Activity:
Print the records below exactly, with no pictures.

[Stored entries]
──────────────────────────────

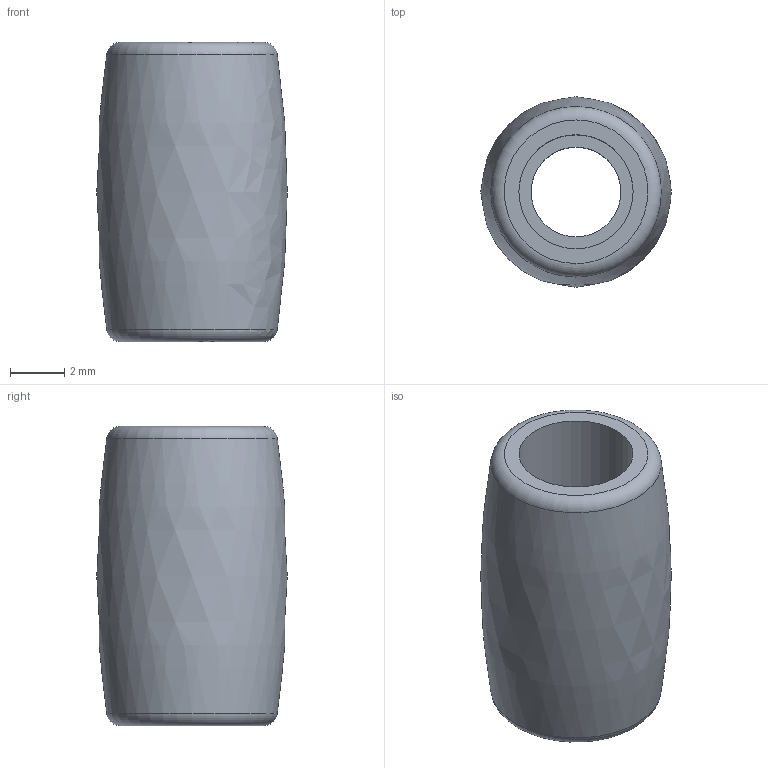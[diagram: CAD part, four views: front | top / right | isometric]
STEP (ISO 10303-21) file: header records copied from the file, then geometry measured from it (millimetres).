
FILE_DESCRIPTION(/* description */ (''),/* implementation_level */ '2;1');
FILE_NAME(/* name */ '2.75'''' Omni-Directional Wheel-Parts\Roller.ipt.step',/* time_stamp */ '2020-04-16T23:27:40-04:00',/* author */ ('Jordan'),/* organization */ (''),/* preprocessor_version */ 'ST-DEVELOPER v17',/* originating_system */ 'Autodesk Inventor 2019',/* authorisation */ '');
FILE_SCHEMA (('AUTOMOTIVE_DESIGN { 1 0 10303 214 3 1 1 }'));
Length unit declared in the file: inch
Products named in the file (1): Roller
Bounding box: 7 x 7 x 11 mm (x, y, z)
Volume: 254.8 mm3; surface area: 404.4 mm2
Topology: 1 solids, 1 shells, 10 faces, 32 edges, 26 vertices
Faces by surface type: plane 4, cylinder 3, torus 2, bspline 1
Full cylindrical faces by diameter (mm): 3.3 x1, 4.2 x2
Entity records: 577 total; most frequent: CARTESIAN_POINT 220, DIRECTION 73, ORIENTED_EDGE 64, AXIS2_PLACEMENT_3D 35, EDGE_CURVE 32, VERTEX_POINT 26, CIRCLE 22, EDGE_LOOP 14

──────────────────────────────

Reply to the exercise:
[diagram: CAD part, four views: front | top / right | isometric]
STEP (ISO 10303-21) file: header records copied from the file, then geometry measured from it (millimetres).
FILE_DESCRIPTION(/* description */ (''),/* implementation_level */ '2;1');
FILE_NAME(/* name */ '2.75'''' Omni-Directional Wheel-Parts\Roller.ipt.step',/* time_stamp */ '2020-04-16T23:27:40-04:00',/* author */ ('Jordan'),/* organization */ (''),/* preprocessor_version */ 'ST-DEVELOPER v17',/* originating_system */ 'Autodesk Inventor 2019',/* authorisation */ '');
FILE_SCHEMA (('AUTOMOTIVE_DESIGN { 1 0 10303 214 3 1 1 }'));
Length unit declared in the file: inch
Products named in the file (1): Roller
Bounding box: 7 x 7 x 11 mm (x, y, z)
Volume: 254.8 mm3; surface area: 404.4 mm2
Topology: 1 solids, 1 shells, 10 faces, 32 edges, 26 vertices
Faces by surface type: plane 4, cylinder 3, torus 2, bspline 1
Full cylindrical faces by diameter (mm): 3.3 x1, 4.2 x2
Entity records: 577 total; most frequent: CARTESIAN_POINT 220, DIRECTION 73, ORIENTED_EDGE 64, AXIS2_PLACEMENT_3D 35, EDGE_CURVE 32, VERTEX_POINT 26, CIRCLE 22, EDGE_LOOP 14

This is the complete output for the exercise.